* **Your instructions**: Print the listing exactly as it stands. Skip every picture.

* **Collected data**:
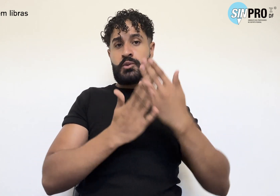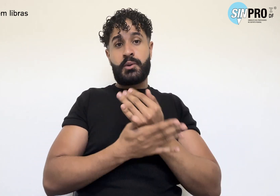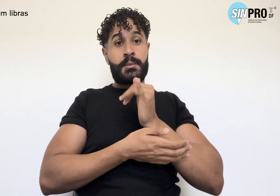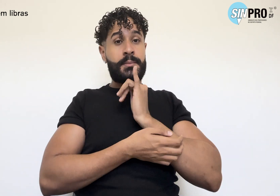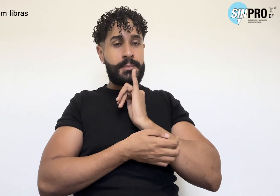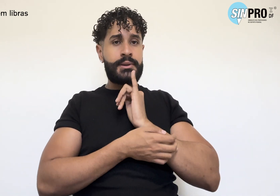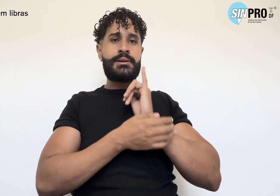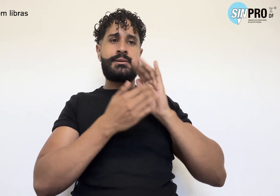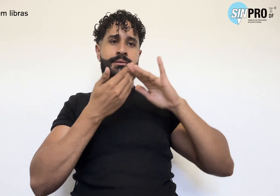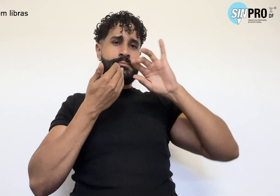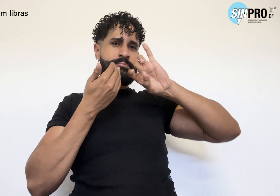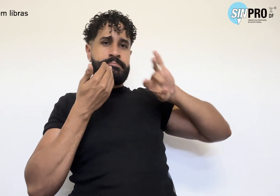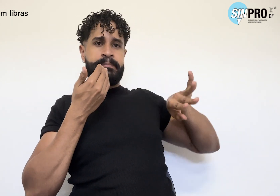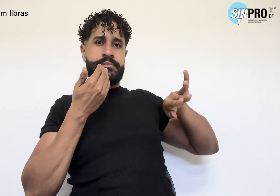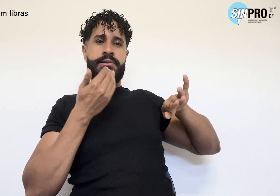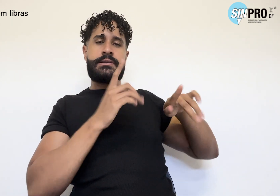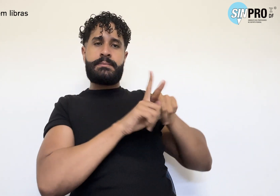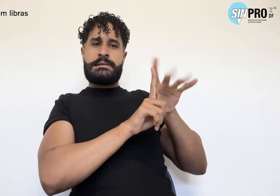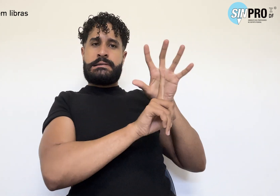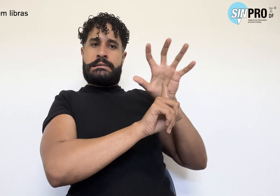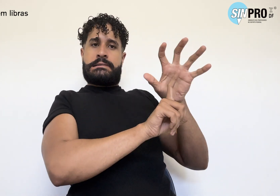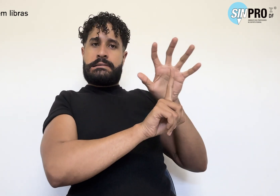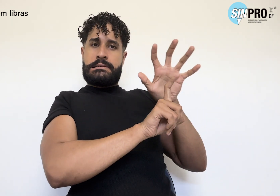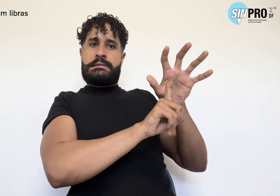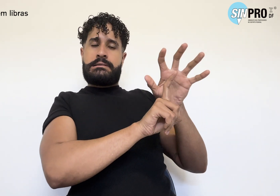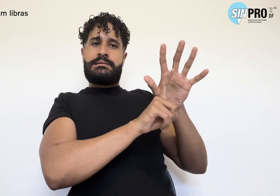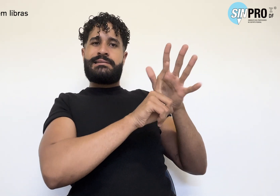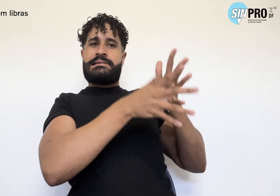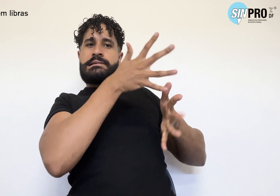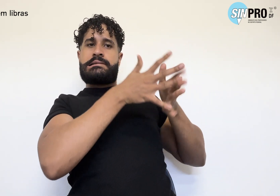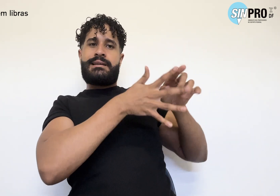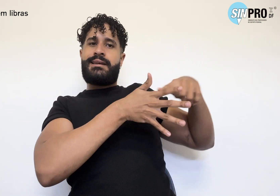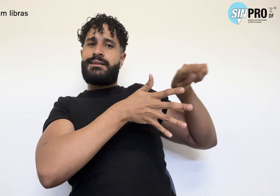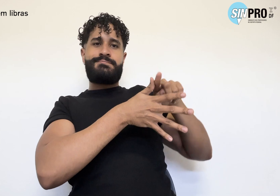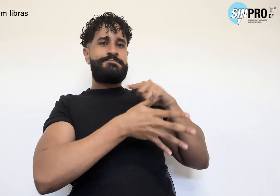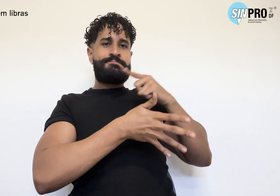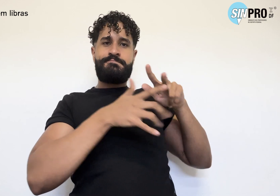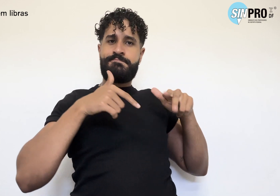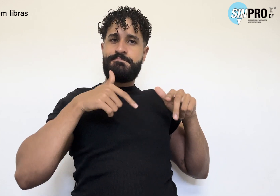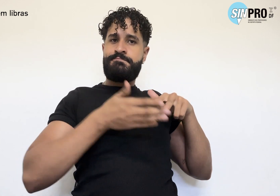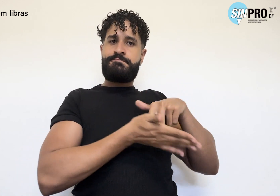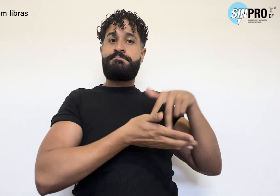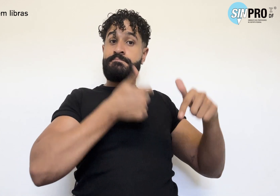exclusão e o assédio moral, impedindo-os de atuar. O desafio é
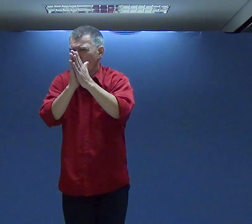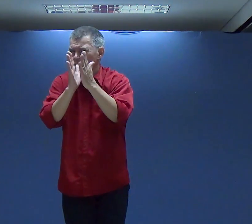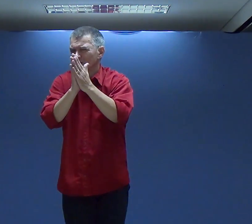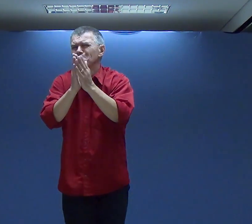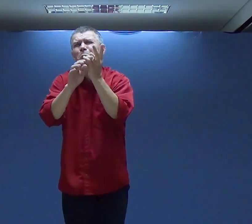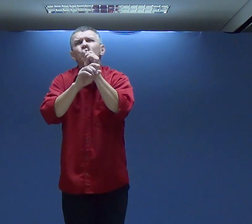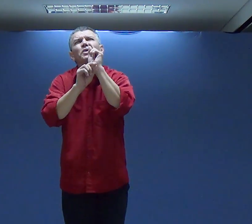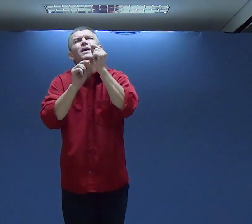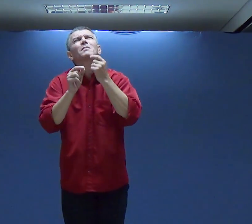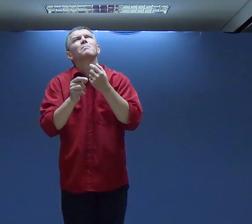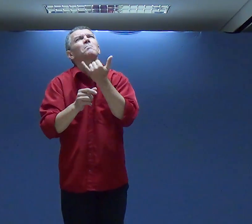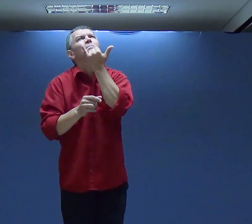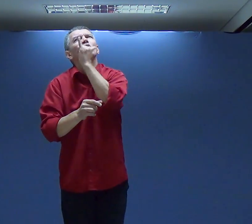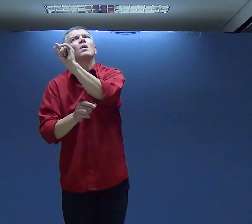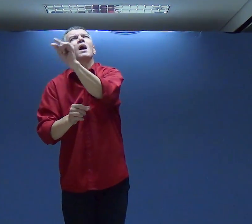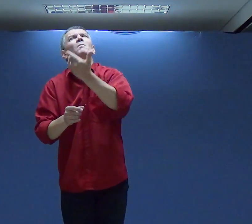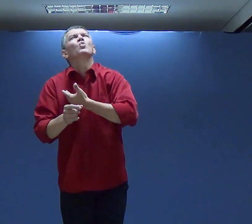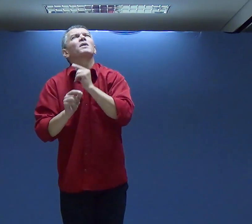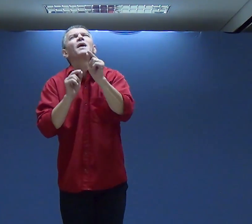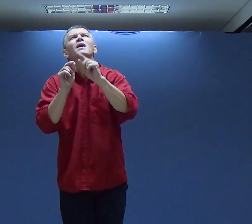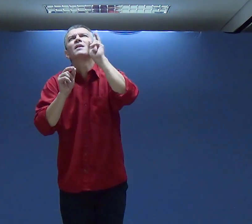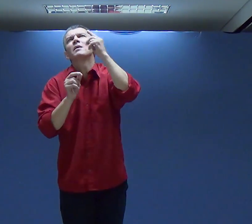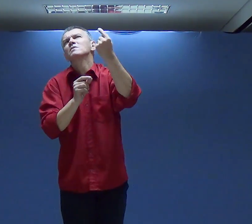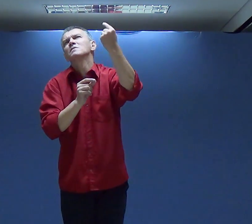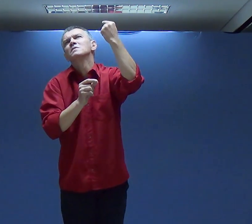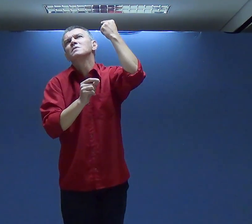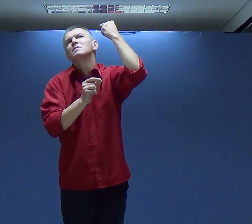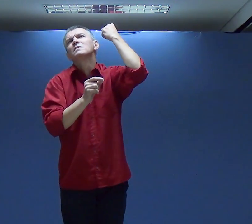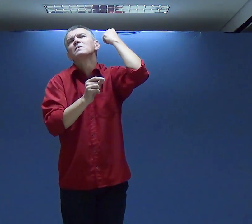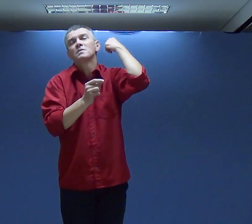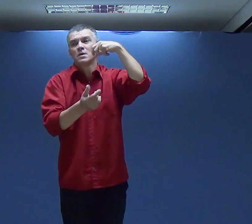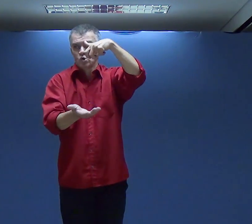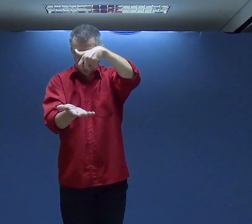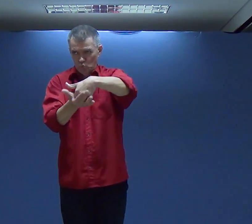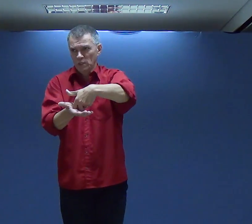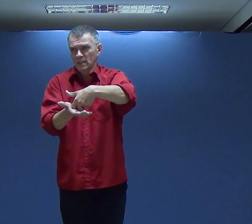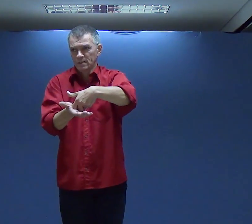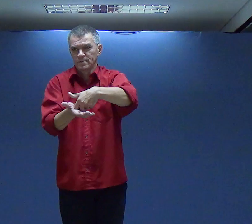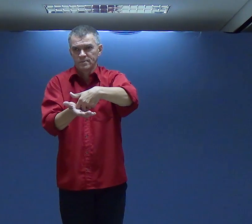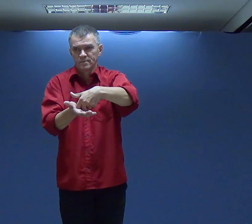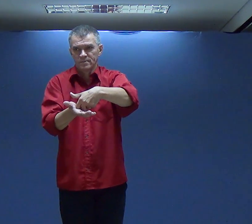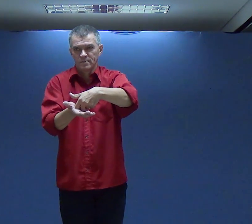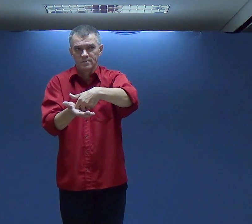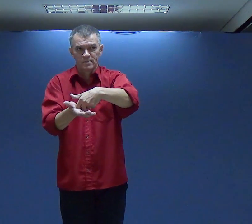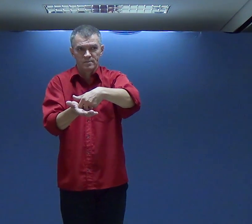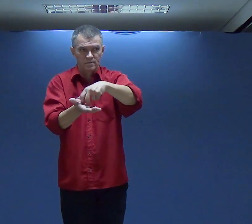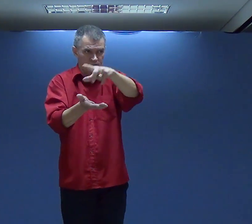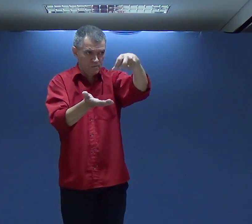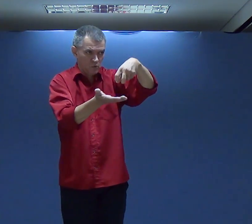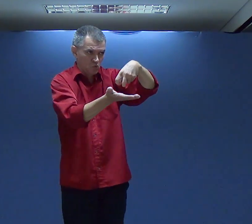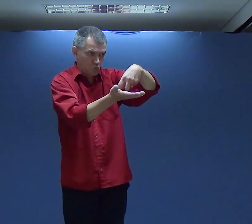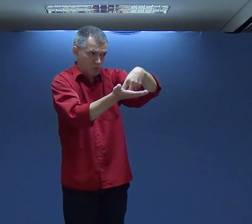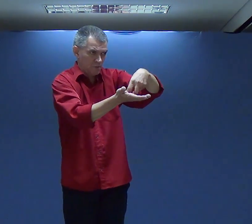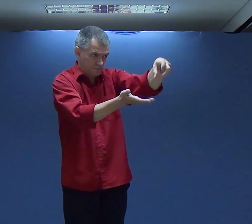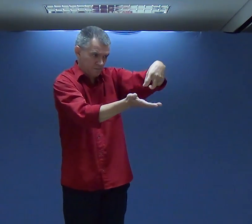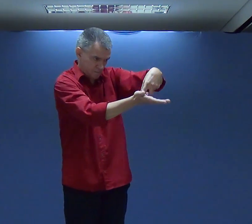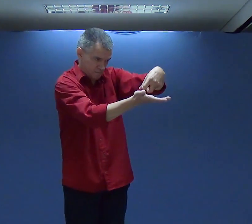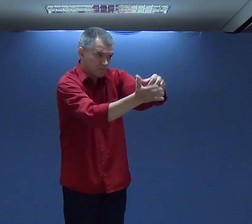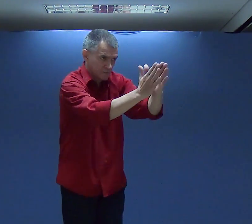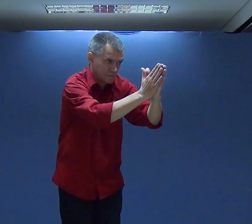Joelhos Para Nós Orarmos Para Lembrarmos De Alguém Para Quem Precisamos Liberar Perdão Você Pode
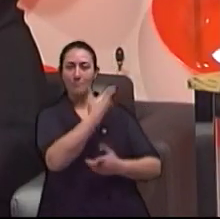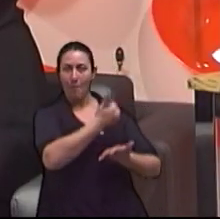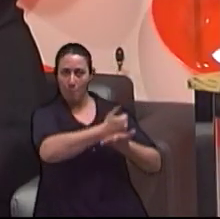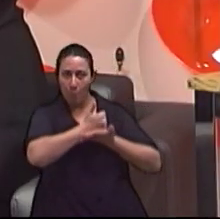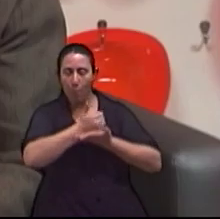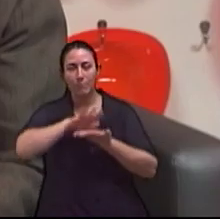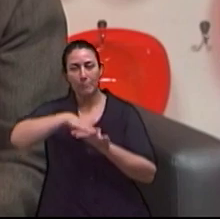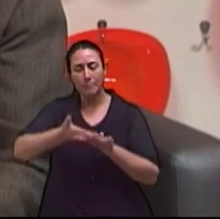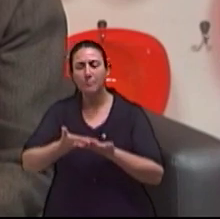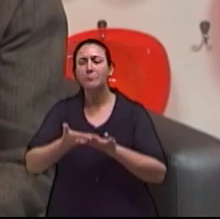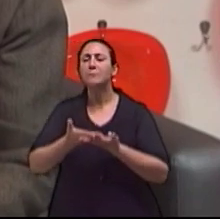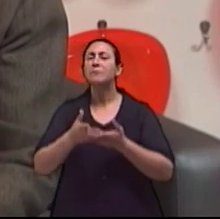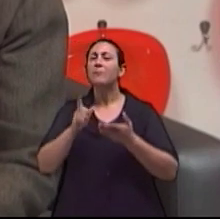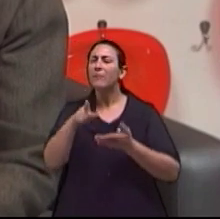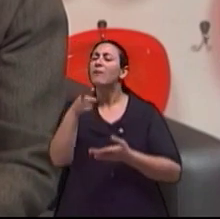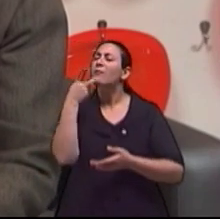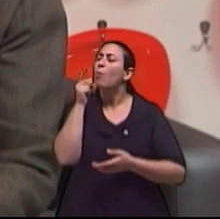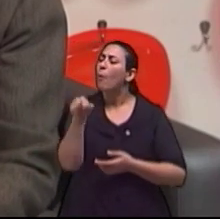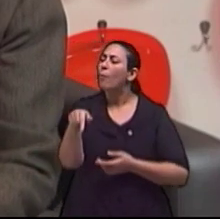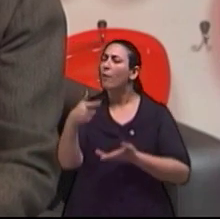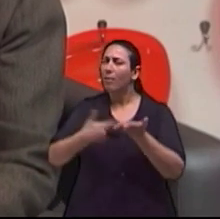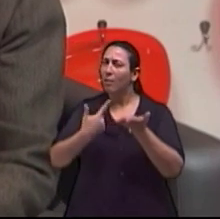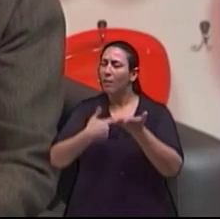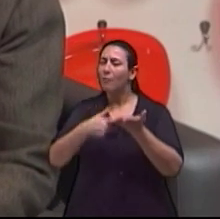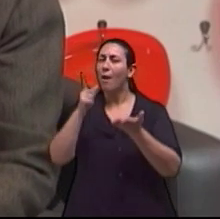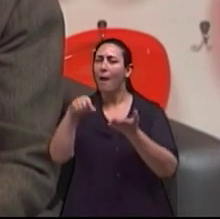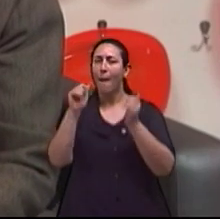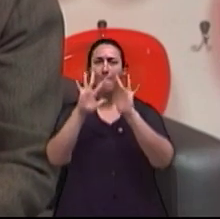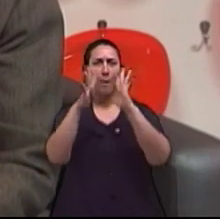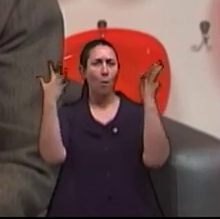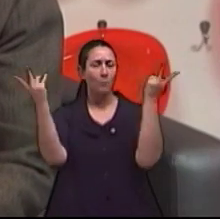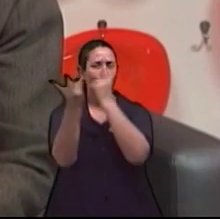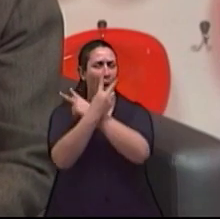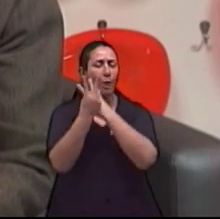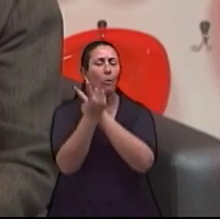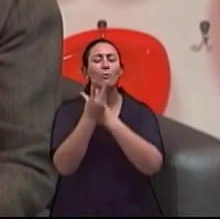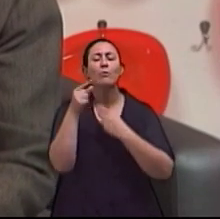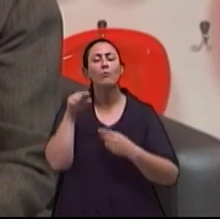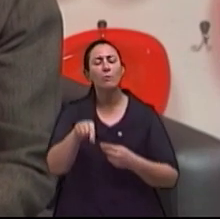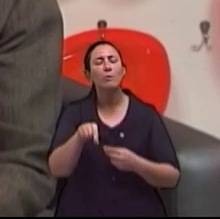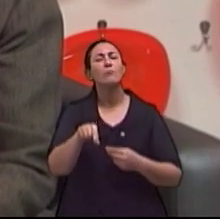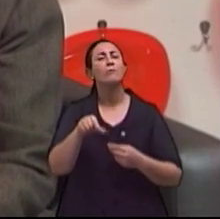Vamos falar um pouquinho desse livro que eu trouxe como dica depois do intervalo para vocês, Mãos ao Vento.

* **Result**:
exclusão e o assédio moral, impedindo-os de atuar. O desafio é
Joelhos Para Nós Orarmos Para Lembrarmos De Alguém Para Quem Precisamos Liberar Perdão Você Pode
Vamos falar um pouquinho desse livro que eu trouxe como dica depois do intervalo para vocês, Mãos ao Vento.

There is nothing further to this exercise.